VANCE: Yeah, you know, I was just talking with Salena Zito outside an hour or two ago, and I think that, you know, she much better than me has been a real voice for people who have been ignored by Washington D.C. and elite policymakers. And, you know, she was telling me that she had spoken to a large number of farmers for a story that she's doing, and they're not taking the immediate short-term - you know, some certainly are, but most are taking a much longer-term view of this particular policy. They say, yeah, you know, we're getting hit a little bit hard by what's happening right now, but, you know, we recognize this is a four- or five-year game plan, and we care more about our country than we do about short-term profits. And so if we have to take a little bit of pain, hopefully, with some help from the broader national community in an effort to actually push back against - to be part of pushing back against this Chinese mercantilism, then fine. And of course, they don't put it like that. I think most people don't know what mercantilism means, and I think I learned the word at this conference. But they recognize that China is an enemy, and they recognize that we've all got to do something hard to fight back against it.

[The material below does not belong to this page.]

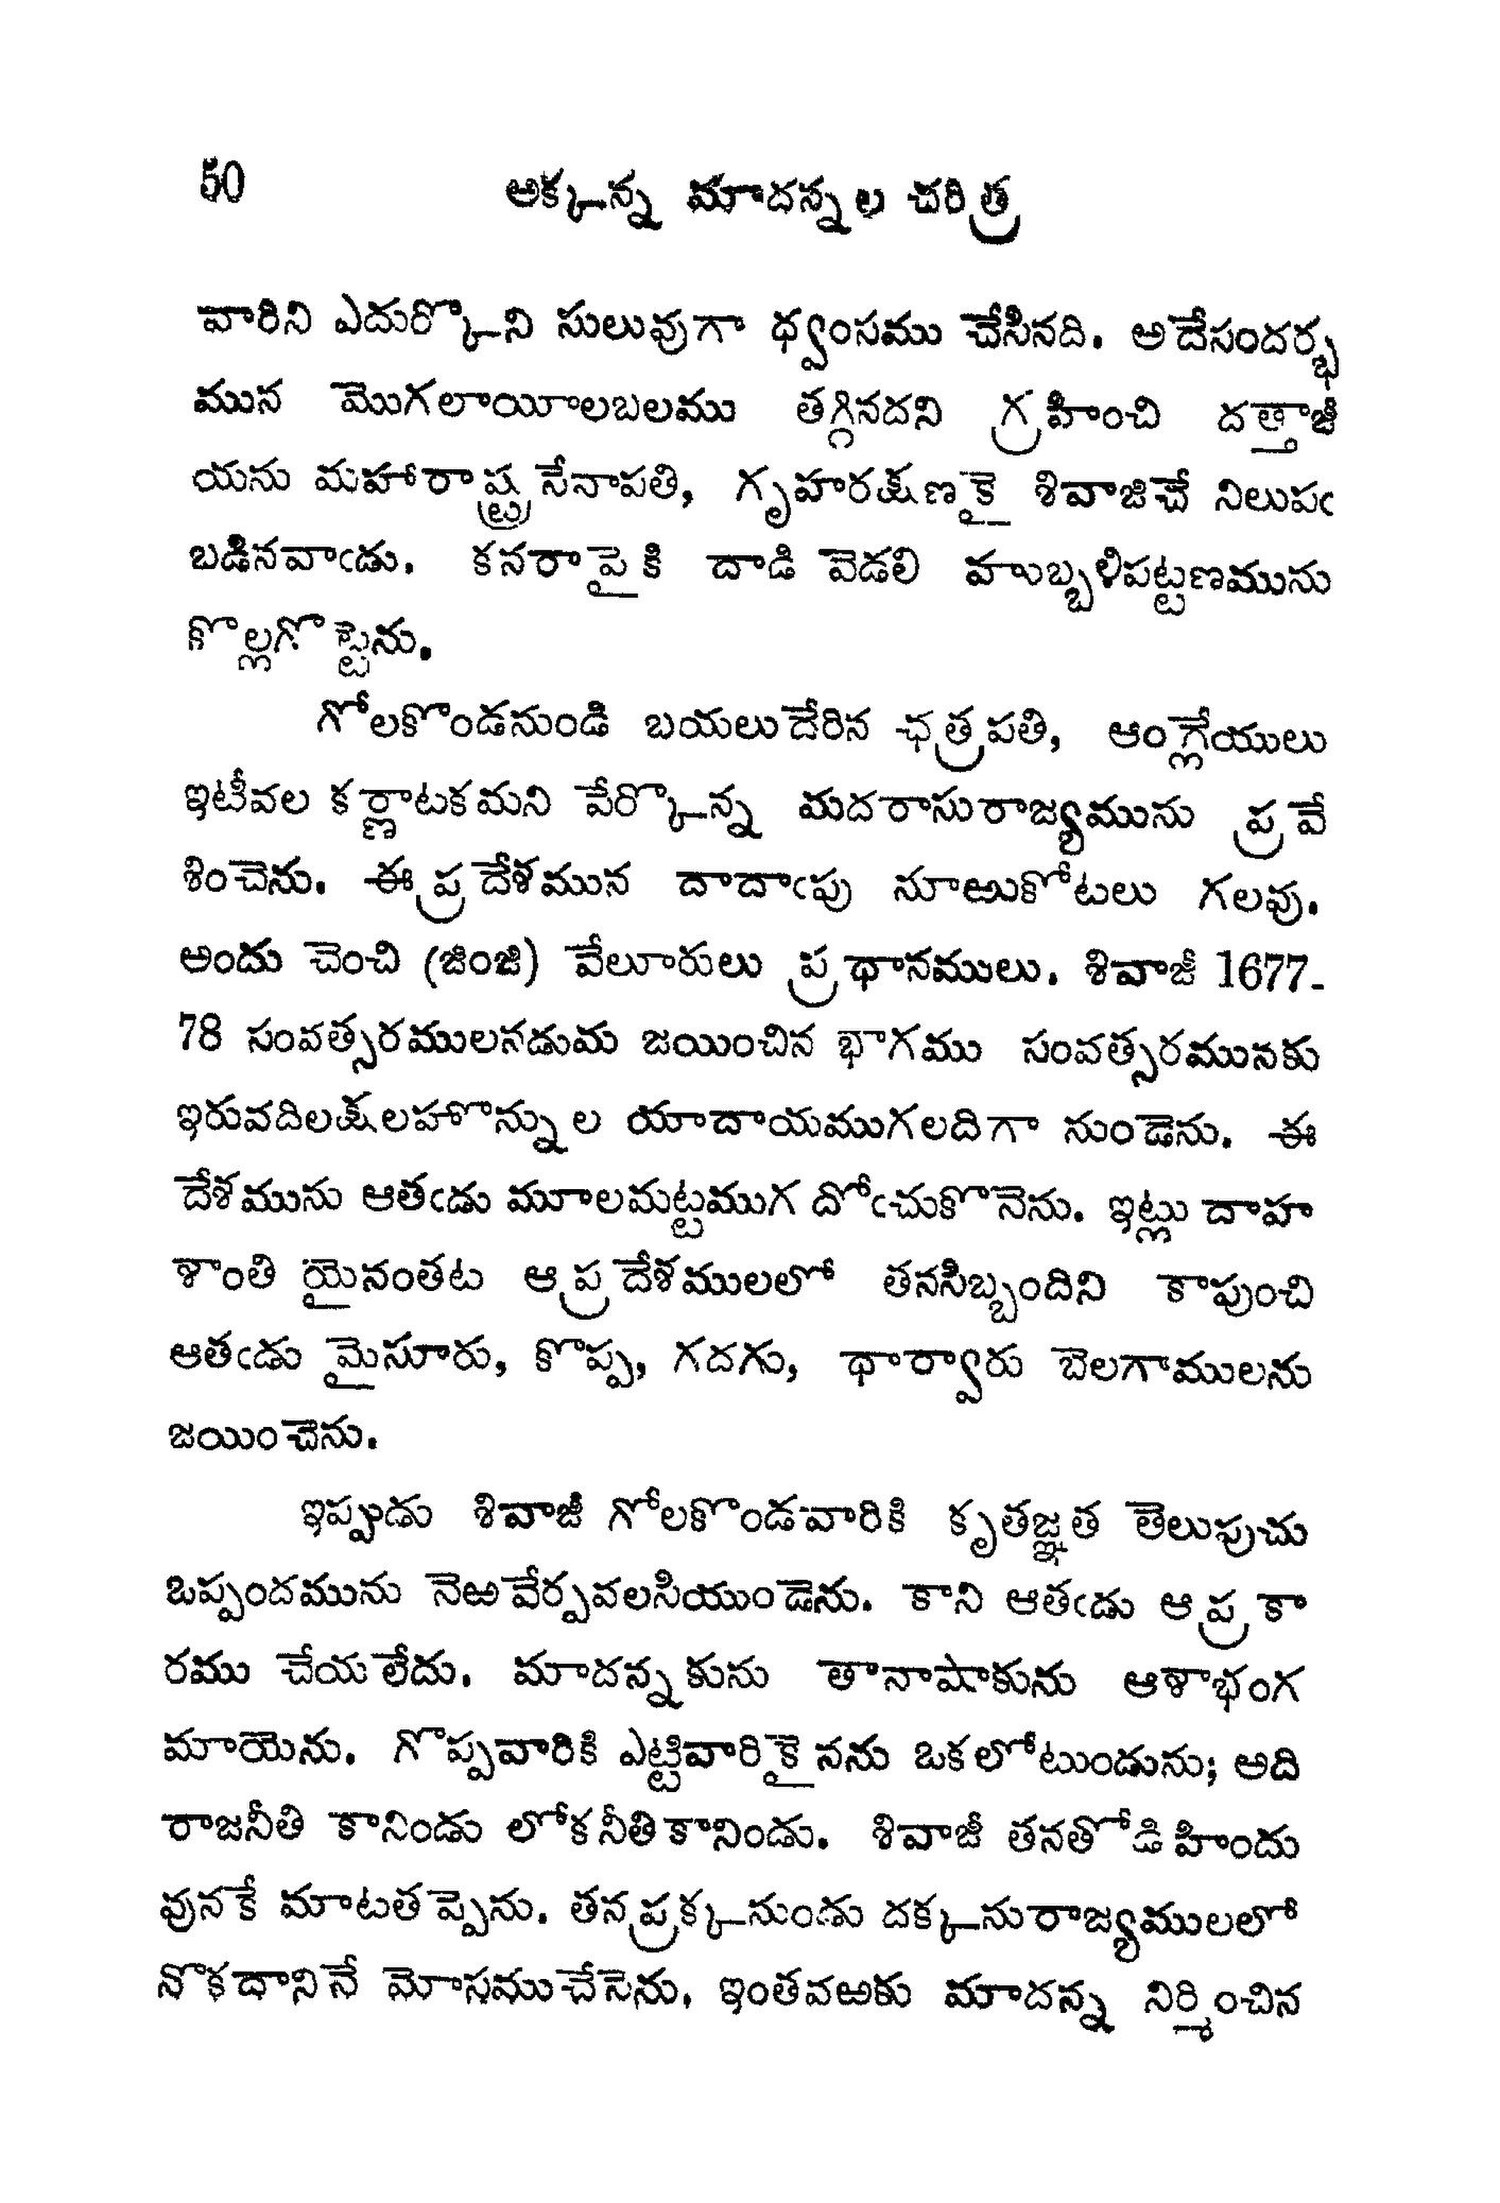వారిని ఎదుర్కొని సులువుగా ధ్వంసము చేసినది. అదేసందర్భమున మొగలాయీలబలము తగ్గినదని గ్రహించి దత్తాజీ యను మహారాష్ట్రసేనాపతి, గృహరక్షణకై శివాజిచే నిలుపఁబడినవాఁడు, కనరాపైకి దాడి వెడలి హుబ్బళిపట్టణమును కొల్లగొట్టెను.

గోలకొండనుండి బయలుదేరిన ఛత్రపతి, ఆంగ్లేయులు ఇటీవల కర్ణాటకమని పేర్కొన్న మదరాసురాజ్యమును ప్రవేశించెను. ఈప్రదేశమున దాదాఁపు నూఱుకోటలు గలవు. అందు చెంచి (జింజి) వేలూరులు ప్రధానములు. శివాజీ 1677–78 సంవత్సరములనడుము జయించిన భాగము సంవత్సరమునకు ఇరువదిలక్షలహొన్నుల యాదాయముగలదిగా నుండెను. ఈ దేశమును ఆతఁడు మూలమట్టముగ దోఁచుకొనెను. ఇట్లు దాహశాంతి యైనంతట ఆప్రదేశములలో తనసిబ్బందిని కాపుంచి ఆతఁడు మైసూరు, కొప్ప, గదగు, ధార్వారు బెలగాములను జయించెను.

ఇప్పుడు శివాజీ గోలకొండవారికి కృతజ్ఞత తెలుపుచు ఒప్పందమును నెఱవేర్పవలసియుండెను. కాని ఆతఁడు ఆప్రకారము చేయలేదు. మాదన్నకును తానాషాకును ఆశాభంగ మాయెను. గొప్పవారికి ఎట్టివారికైనను ఒకలోటుండును; అది రాజనీతి కానిండు లోకనీతికానిండు. శివాజీ తనతోడిహిందువునకే మాటతప్పెను. తనప్రక్కనుండు దక్కనురాజ్యములలో నొకదానినే మోసముచేసెను. ఇంతవఱకు మాదన్న నిర్మించిన

And I think that sense of sacrifice on behalf of a broader national purpose is both so admirable and so missing from some conversations that we have in our nation's capital. It was not a rational economic decision for 15 million American families to send their sons and daughters to go and fight the Nazis in World War II, but they did it because it was the right thing to do and they thought that the national interest necessitated it. I think that we should have a similar view on what's necessary to push back against the Chinese - not that we need to send 15 million Americans to go and fight them, but that we need to have some shared sacrifices in an effort to actually beat these guys because we have to beat them.

KOSLOFF: I think we're interested in how the competition with China is changing conservatism itself. Apparently, at the second night of the conference, the attendees actually voted in favor of industrial policy, and that's something - if you'd gone back five years ago, the whole government shouldn't pick winners and losers thing was sort of...

VANCE: Sure.

KOSLOFF: ...The rhetoric of the day. So could you sort of comment on that? And where did you stand on that debate?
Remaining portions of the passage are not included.